Ini adalah proyek pertama John Clarke setelah bergabung dengan ZOPI, tetapi baginya, medan perang sungguhan, lengkap dengan senjata dan bom, jauh lebih mudah daripada ini. Senapannya adalah sebuah pena, pasukannya adalah stasiun kerjanya, dan dukungan udaranya adalah tim akuntan forensik. Dia membencinya. Namun, meskipun dia bisa menyelesaikan pekerjaan itu dengan bantuan akuntan yang ditugaskan ZOPI, dia tidak tahan dengan apa yang terjadi setelah dia berhasil menyelesaikan proyek tersebut.
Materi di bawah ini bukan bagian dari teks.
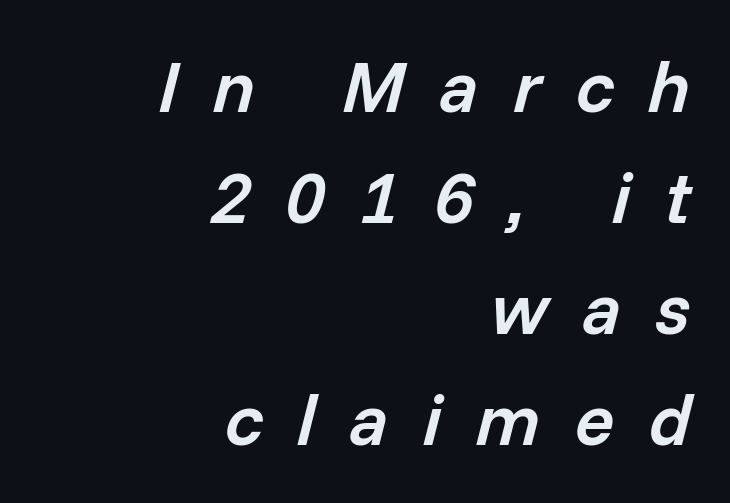
The image shows 73 px semibold type, italic (leaning right); set right-aligned, normal line spacing (1.52x), unusually wide letter spacing (+0.47 em), not underlined; low stroke contrast and a medium x-height.

Meskipun para akuntan dan anggota dewan direksi grup ZOPI semuanya memujinya, John tidak dapat menerima kenyataan bahwa ia telah menyelamatkan miliaran dolar untuk perusahaan dengan imbalan yang sangat kecil dan menghina, hanya beberapa ribu dolar. Ia telah menggunakan cara ilegal dan legal untuk menyelesaikan proyek tersebut, dan ia sangat menyesal menjadi penyelidik sipil untuk Wall Street ketika perusahaan militer swasta mencoba merekrutnya.
Selama dua tahun terakhir, ia mencari kesempatan untuk berbisnis sendiri atau menyerah dan bergabung dengan sektor militer swasta jika keadaan tidak membaik. Namun, ia tetap bertahan di Wall Street karena miliaran dolar yang datang dari permintaan-permintaan di sana. Meskipun uang itu milik klien, John Clarke sering bermimpi bahwa suatu hari nanti ia akan mampu memiliki kekayaan sebesar itu.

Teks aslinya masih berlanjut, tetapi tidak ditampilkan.